---------- Input ----------

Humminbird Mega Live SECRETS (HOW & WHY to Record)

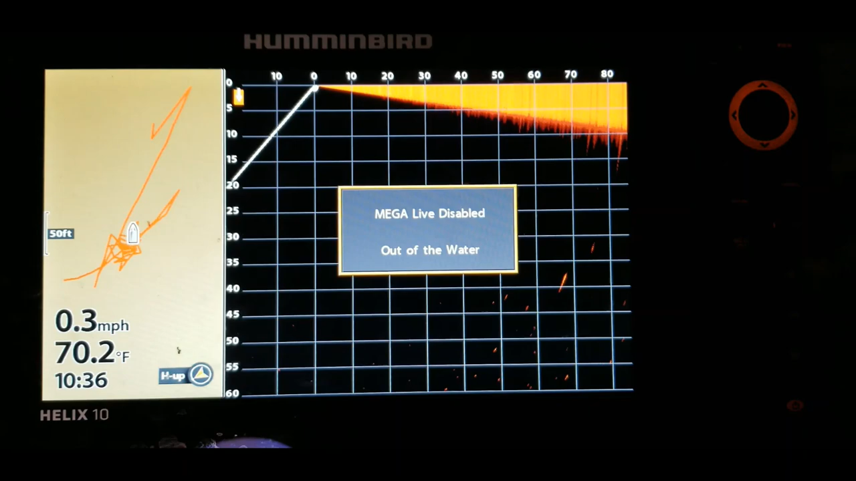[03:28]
On screen: water 70.2°F, speed 0.3 mph
to go to your menu button and
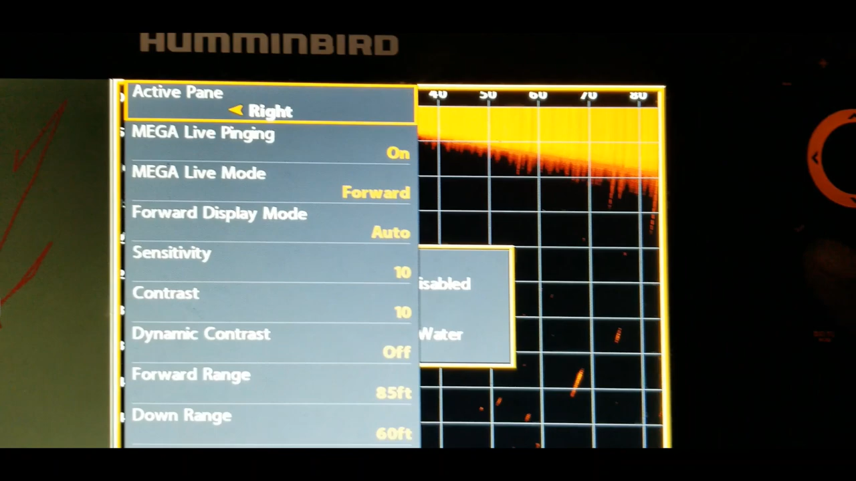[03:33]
the very top option is going to show whether it is active on the left or
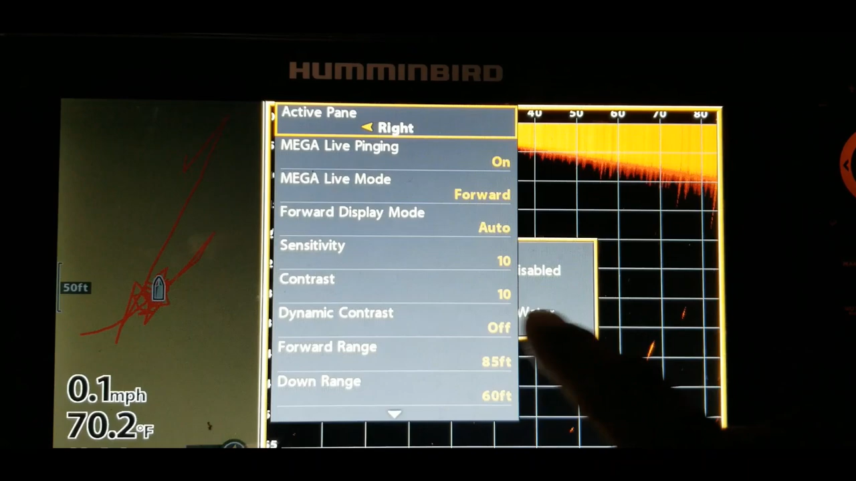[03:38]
On screen: water 70.2°F, speed 0.1 mph
the right side right now it's set on the right side so it would the the settings and everything that you will be
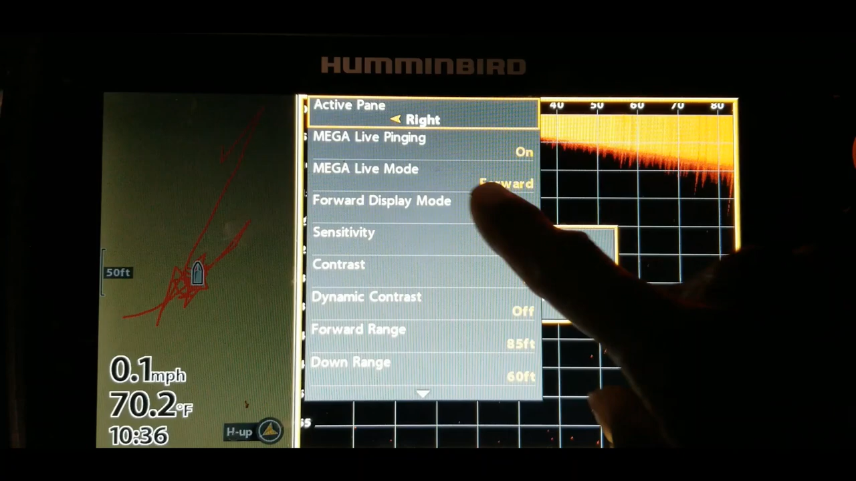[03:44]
On screen: water 70.2°F, speed 0.1 mph
adjusting will affect this right side that's just a quick tip but basically for our
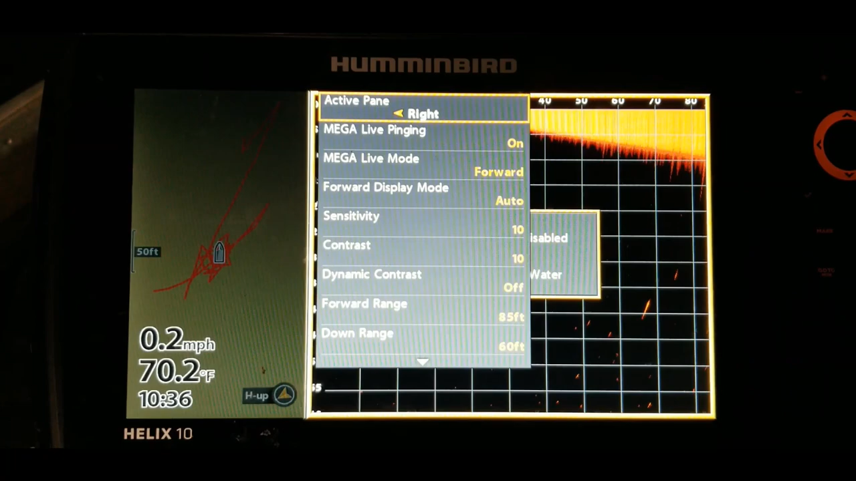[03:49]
On screen: water 70.2°F, speed 0.2 mph
purpose today we're going to have it on full screen so i have my shortcuts already set up so all i do is
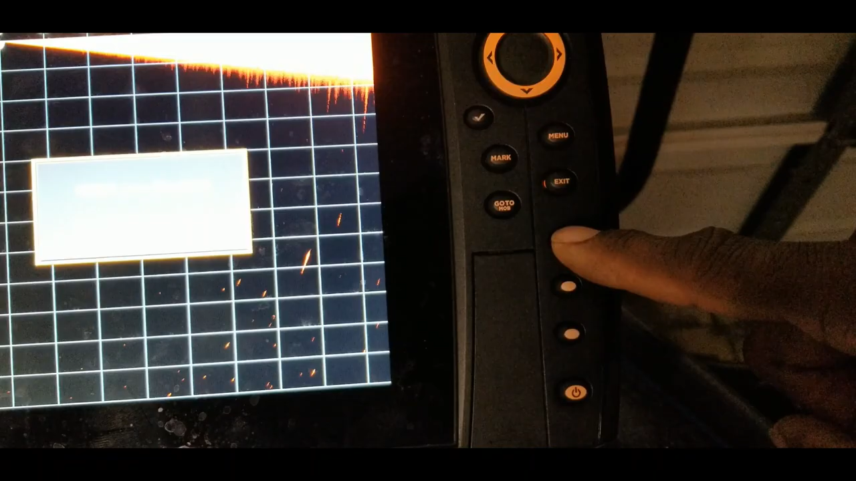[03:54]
hit this first shortcut button and it will take me back to the full mega live screen so from there we're going to
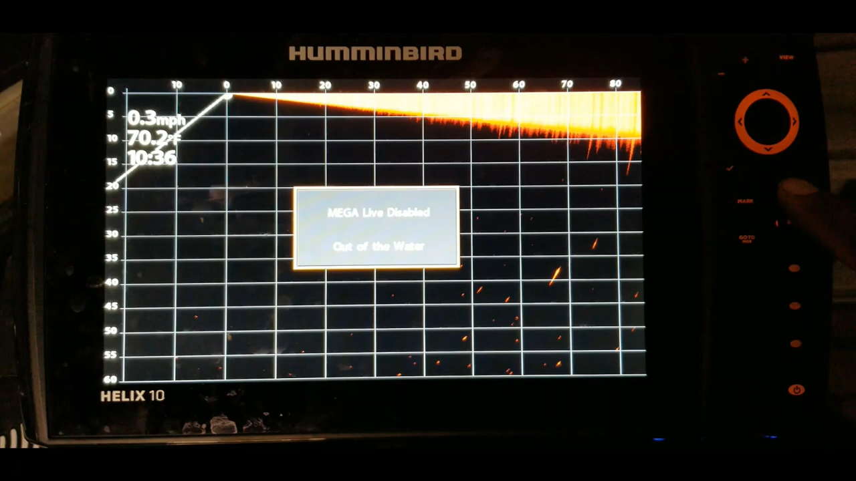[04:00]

----------

» What you will do
Your task is to retype the records above in full and exactly, omitting the pictures.

» Task solution
Humminbird Mega Live SECRETS (HOW & WHY to Record)

[03:28]
On screen: water 70.2°F, speed 0.3 mph
to go to your menu button and
[03:33]
the very top option is going to show whether it is active on the left or
[03:38]
On screen: water 70.2°F, speed 0.1 mph
the right side right now it's set on the right side so it would the the settings and everything that you will be
[03:44]
On screen: water 70.2°F, speed 0.1 mph
adjusting will affect this right side that's just a quick tip but basically for our
[03:49]
On screen: water 70.2°F, speed 0.2 mph
purpose today we're going to have it on full screen so i have my shortcuts already set up so all i do is
[03:54]
hit this first shortcut button and it will take me back to the full mega live screen so from there we're going to
[04:00]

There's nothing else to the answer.